Data under study -
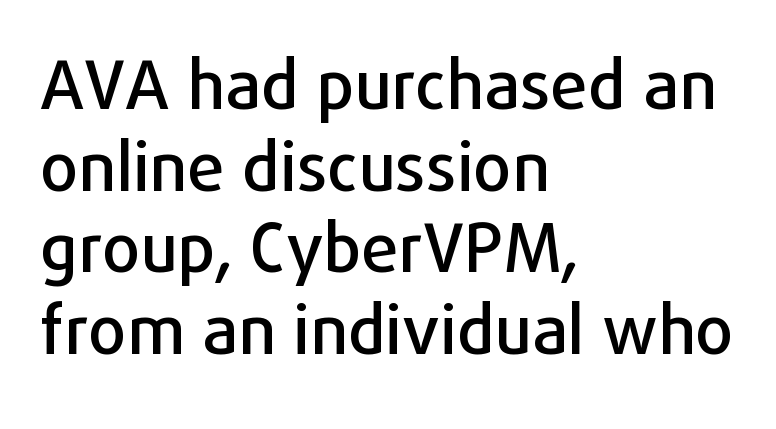
Q: Is the text italic (slanted)? A: No, it is upright.
Q: Is the typeface a serif or a sans-serif typeface? A: Sans-serif.
Q: Is the text underlined? A: No.
Q: How is the paragraph aligned? A: Left-aligned.
Q: Is the spacing between letters normal or unusually wide? A: Normal.
Q: Width (condensed, normal, or wide)? A: Normal.
Q: Stroke contrast? A: Low.
Q: x-height? A: Medium.
Q: Monospaced? A: No.
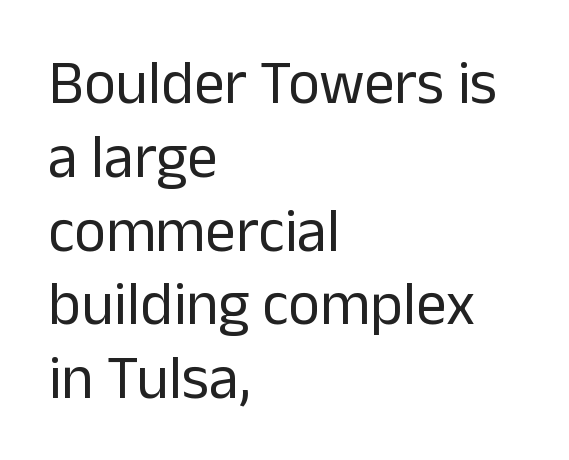
{"serif": "no", "italic": "no", "bold": "no", "weight": "regular", "width": "normal", "stroke_contrast": "low", "x_height": "medium", "monospaced": "no", "underline": "no", "align": "left", "line_spacing_ratio": 1.21, "letter_spacing": "normal", "letter_spacing_em": 0.0, "glyph_px": 61}
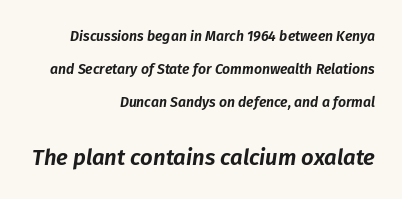
Q: Is the text italic (slanted)? A: Yes, it leans right by about 8 degrees.
Q: Is the text underlined? A: No.
Q: How is the paragraph aligned? A: Right-aligned.
Q: Is the spacing between letters normal or unusually wide? A: Normal.
Q: Is the spacing between lines tight, normal or loose? A: Loose.
Q: Which block of text is set in a larger size, the first (top) or the second (bottom)? A: The second (bottom) one.
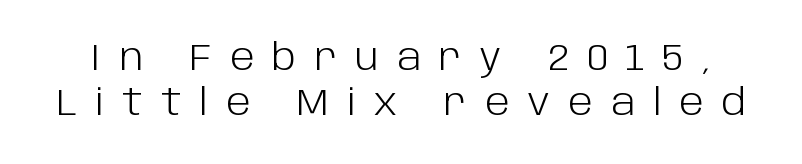
Q: Is the text bold? A: No.
Q: Is the text italic (slanted)? A: No, it is upright.
Q: Is the typeface a serif or a sans-serif typeface? A: Sans-serif.
Q: Is the text underlined? A: No.
Q: Is the spacing between letters normal or unusually wide? A: Unusually wide.
Q: Width (condensed, normal, or wide)? A: Normal.
Q: Stroke contrast? A: Low.
Q: x-height? A: Large.
Q: Monospaced? A: No.
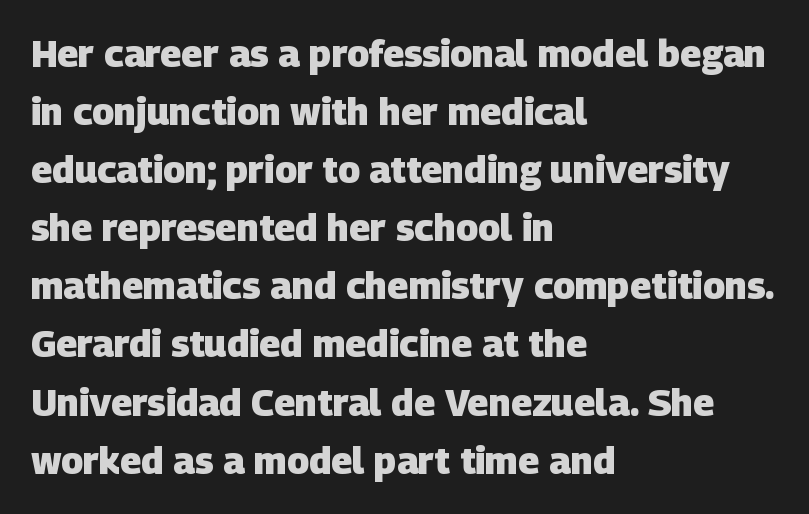
The glyphs are unaccompanied by any horizontal stroke below them. The type is set solid horizontally, with unmodified tracking. A typesetter would call this leading conventional body-copy spacing. Line beginnings align vertically; line endings do not.
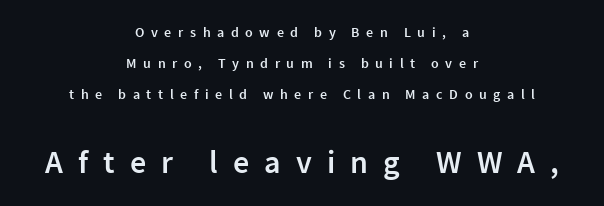
{"serif": "no", "italic": "no", "bold": "semi", "weight": "semibold", "width": "normal", "stroke_contrast": "low", "x_height": "medium", "monospaced": "no", "underline": "no", "align": "center", "line_spacing": "loose", "line_spacing_ratio": 2.21, "letter_spacing": "wide", "letter_spacing_em": 0.47, "larger_block": "second", "size_ratio": 2.29, "glyph_px": 32}
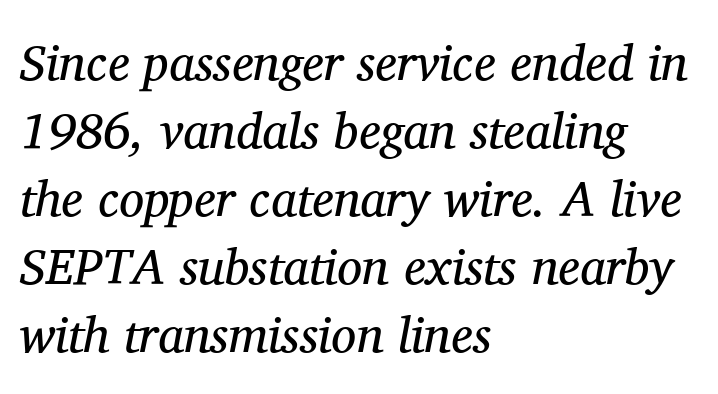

What is expected - From the first line above to the line containing "Q: x-height? A: Medium.", repeat each line exactly. Pictures stay out.

Answer for this exercise -
Q: Is the text italic (slanted)? A: No, it is upright.
Q: Is the typeface a serif or a sans-serif typeface? A: Sans-serif.
Q: Is the text underlined? A: No.
Q: How is the paragraph aligned? A: Left-aligned.
Q: Is the spacing between letters normal or unusually wide? A: Normal.
Q: Width (condensed, normal, or wide)? A: Normal.
Q: Stroke contrast? A: Low.
Q: x-height? A: Medium.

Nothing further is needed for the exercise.